A sandwich, a chocolate bar, a quilt, and a soccer field diagram can all be understood using the same fraction idea: one whole divided into equal parts. Geometry helps us describe fair shares in many different situations.
When you look at a partitioned shape, ask yourself three questions: What is the whole? Into how many equal-area parts is it divided? What fraction names one part? These questions help you stay accurate.
[Figure 4] Partitioning shapes is not just a classroom idea. It appears in daily life with food and garden spaces. If a pan of brownies is cut into \(8\) equal pieces, each piece is \(\dfrac{1}{8}\) of the pan. If a garden bed is split into \(4\) equal sections for planting, each section is \(\dfrac{1}{4}\) of the garden bed.
Artists and designers also use equal parts. A tile floor might repeat a square pattern divided into equal pieces. A paper craft may begin with folding a sheet into \(2\), \(4\), or \(8\) equal parts.
Sports fields can be partitioned too. A coach may divide a practice area into equal zones. Each zone is a fraction of the whole field space. Equal areas help keep the practice balanced and organized.
Even sharing time can connect to this idea. If an hour is divided into \(4\) equal parts, each part is one quarter of an hour, or \(\dfrac{1}{4}\) of the whole hour. The same fraction idea works for shapes, time, and many other wholes.
Here are some common unit fractions for partitioned shapes:
| Number of equal parts in the whole | Fraction name for one part |
|---|---|
| \(2\) | \(\dfrac{1}{2}\) |
| \(3\) | \(\dfrac{1}{3}\) |
| \(4\) | \(\dfrac{1}{4}\) |
| \(6\) | \(\dfrac{1}{6}\) |
| \(8\) | \(\dfrac{1}{8}\) |
Table 1. Common unit fractions based on the number of equal parts in a whole shape.
As the number of equal parts increases, each part gets smaller. That means \(\dfrac{1}{2}\) is larger than \(\dfrac{1}{3}\), and \(\dfrac{1}{4}\) is larger than \(\dfrac{1}{8}\). All of these fractions can describe one part of a shape, but the size of that part depends on how many equal parts make the whole.
This is why a shape partitioned into \(2\) equal parts gives bigger pieces than the same shape partitioned into \(8\) equal parts. The whole stays the same, but the number of equal shares changes.

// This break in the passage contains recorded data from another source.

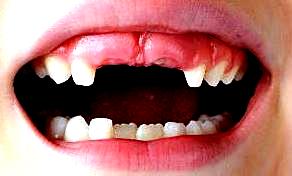
Condition: hypodontia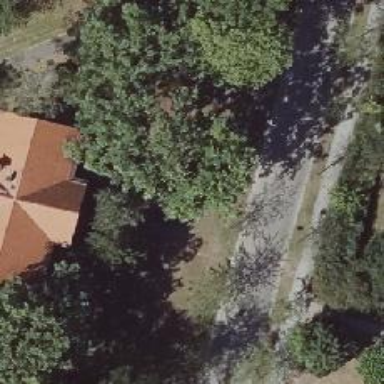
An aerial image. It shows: Avenue of deciduous broadleaved trees.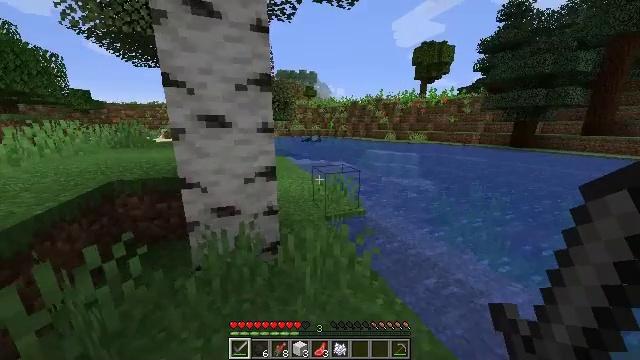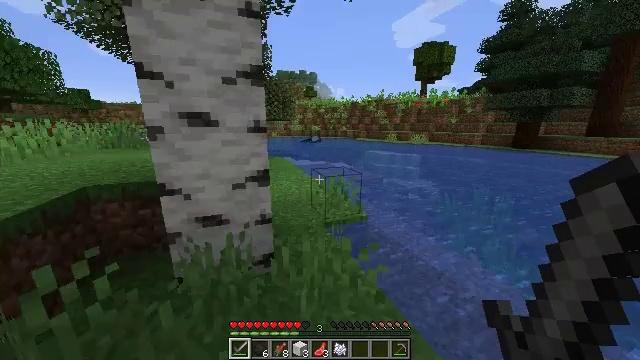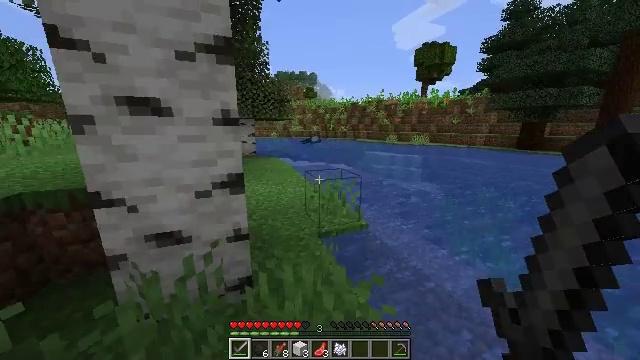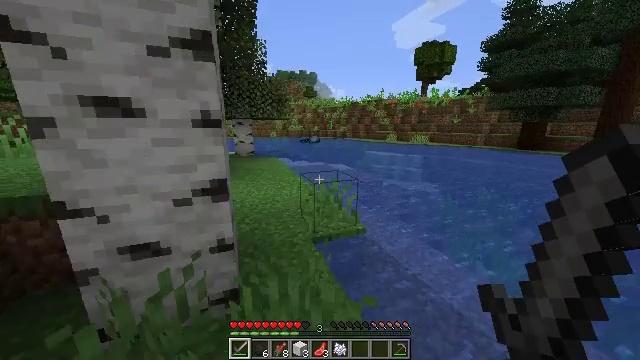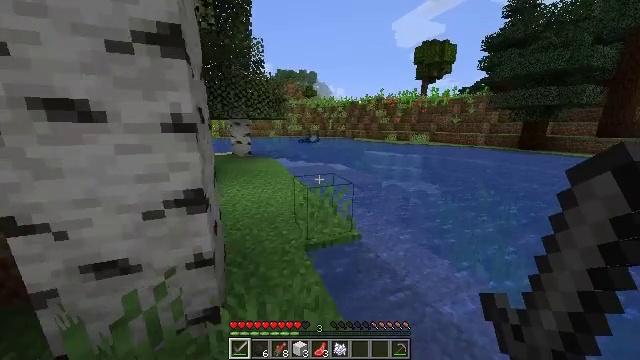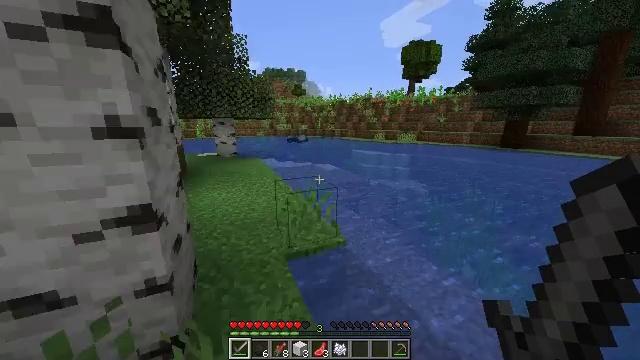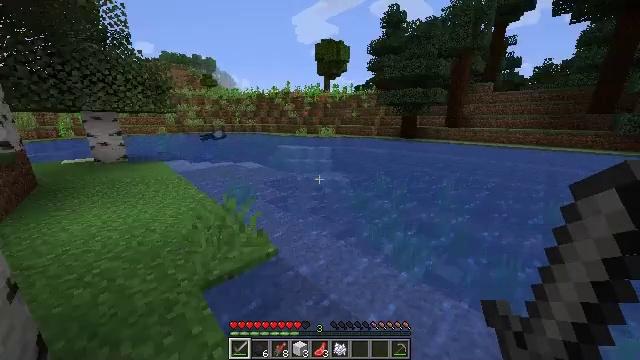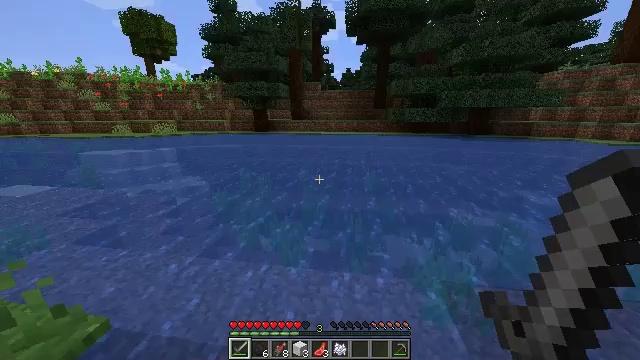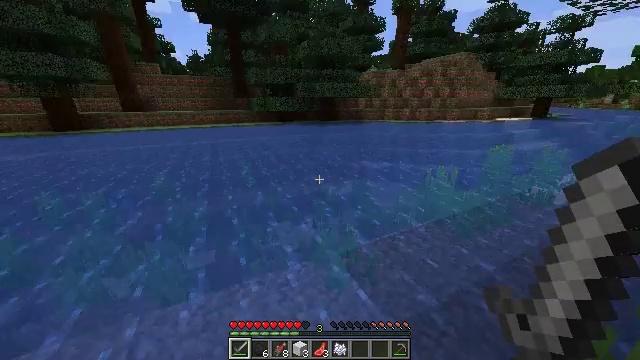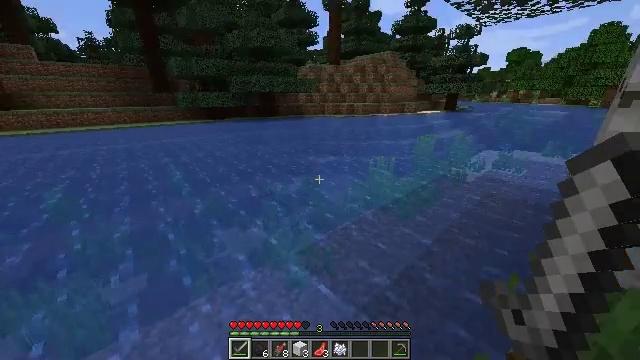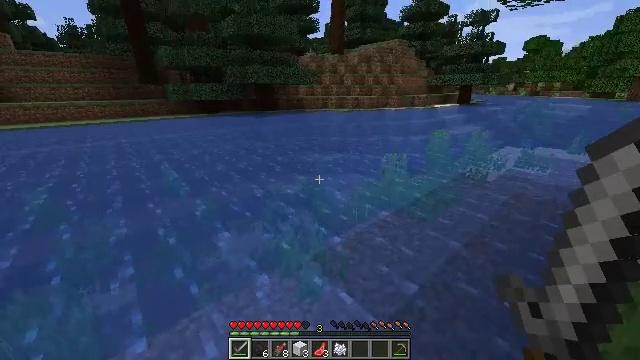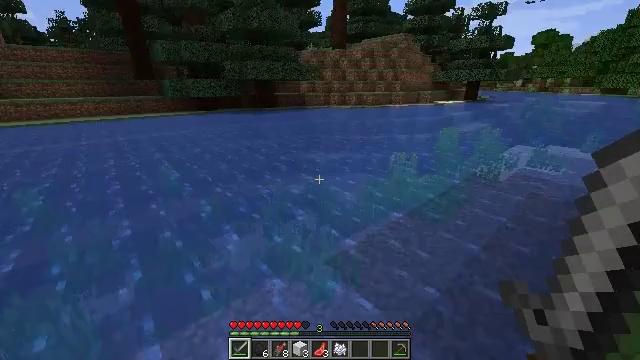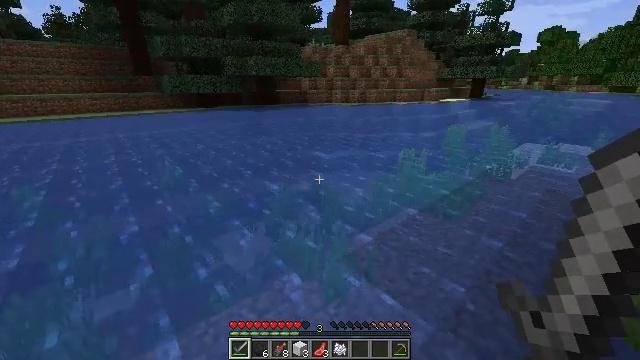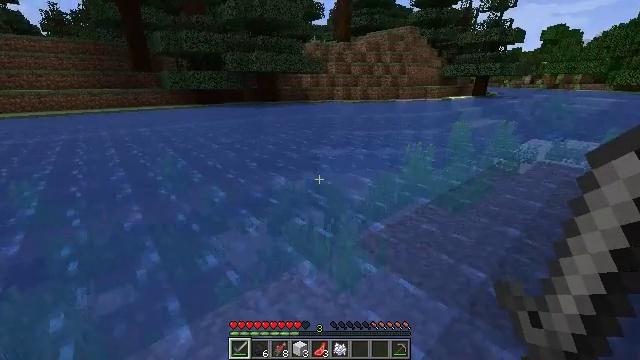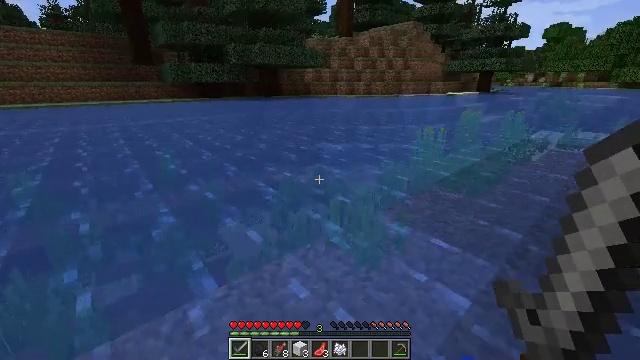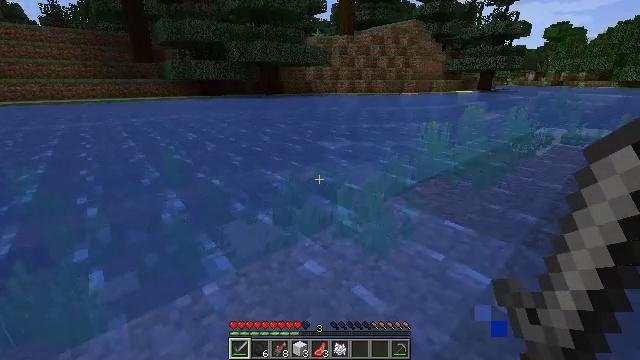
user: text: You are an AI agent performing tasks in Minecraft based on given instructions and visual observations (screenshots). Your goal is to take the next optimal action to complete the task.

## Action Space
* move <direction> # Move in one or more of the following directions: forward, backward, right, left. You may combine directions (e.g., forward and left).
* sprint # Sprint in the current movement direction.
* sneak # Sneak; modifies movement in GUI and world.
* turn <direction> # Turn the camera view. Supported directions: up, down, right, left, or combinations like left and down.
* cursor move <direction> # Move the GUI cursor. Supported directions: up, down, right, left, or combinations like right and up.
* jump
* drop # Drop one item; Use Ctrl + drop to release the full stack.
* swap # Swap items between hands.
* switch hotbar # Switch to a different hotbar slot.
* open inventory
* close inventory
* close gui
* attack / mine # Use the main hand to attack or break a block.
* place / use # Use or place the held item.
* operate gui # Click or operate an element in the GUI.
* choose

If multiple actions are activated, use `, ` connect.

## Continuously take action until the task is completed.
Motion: motion action
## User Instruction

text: Fish and kill the salmon.
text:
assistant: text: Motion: move forward
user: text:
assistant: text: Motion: move forward and move right
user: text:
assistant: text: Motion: move forward and move right
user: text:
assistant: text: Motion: move forward and move right
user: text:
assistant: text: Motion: move forward, turn right
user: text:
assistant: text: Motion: move forward, turn right and down
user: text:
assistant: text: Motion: move forward, turn right and down
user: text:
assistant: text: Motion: turn right and down
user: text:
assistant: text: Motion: move left, turn right
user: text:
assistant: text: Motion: move left
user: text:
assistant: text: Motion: move left
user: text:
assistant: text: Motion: move left
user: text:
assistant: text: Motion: move back and move left
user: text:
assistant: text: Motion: move back and move left
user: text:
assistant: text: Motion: move back and move left
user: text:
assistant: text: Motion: move back and move left
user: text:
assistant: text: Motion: move back and move left
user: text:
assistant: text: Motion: move back and move left
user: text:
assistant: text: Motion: move back and move left
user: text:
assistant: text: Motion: move back and move left
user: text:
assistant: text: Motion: move back and move left
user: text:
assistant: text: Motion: move back and move left
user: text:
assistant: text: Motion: move back and move left
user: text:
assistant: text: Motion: move back and move left
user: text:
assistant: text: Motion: move back and move left, turn left
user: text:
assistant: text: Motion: move back and move left, turn left and up, jump
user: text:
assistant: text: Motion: move back and move left, turn left and up, jump
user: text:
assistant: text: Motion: move back and move left, turn left and up, jump
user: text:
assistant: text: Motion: move back and move left, turn left, jump
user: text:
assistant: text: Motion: move back and move left, turn left, jump

We can write this comparison using words and fractions: one half is larger than one fourth, so \(\dfrac{1}{2} > \dfrac{1}{4}\). One fourth is larger than one eighth, so \(\dfrac{1}{4} > \dfrac{1}{8}\).
When you return to the earlier square partitions in [Figure 2], you can see that no matter how the square is correctly split into \(4\) equal areas, each part keeps the same fraction name: \(\dfrac{1}{4}\).
"Fractions of shapes make sense only when the shares are equal."
Geometry helps us reason about shapes and their attributes. One important attribute is area. When we partition a shape into equal areas, we connect geometry and fractions at the same time. That is why this topic is such an important bridge between shape ideas and number ideas.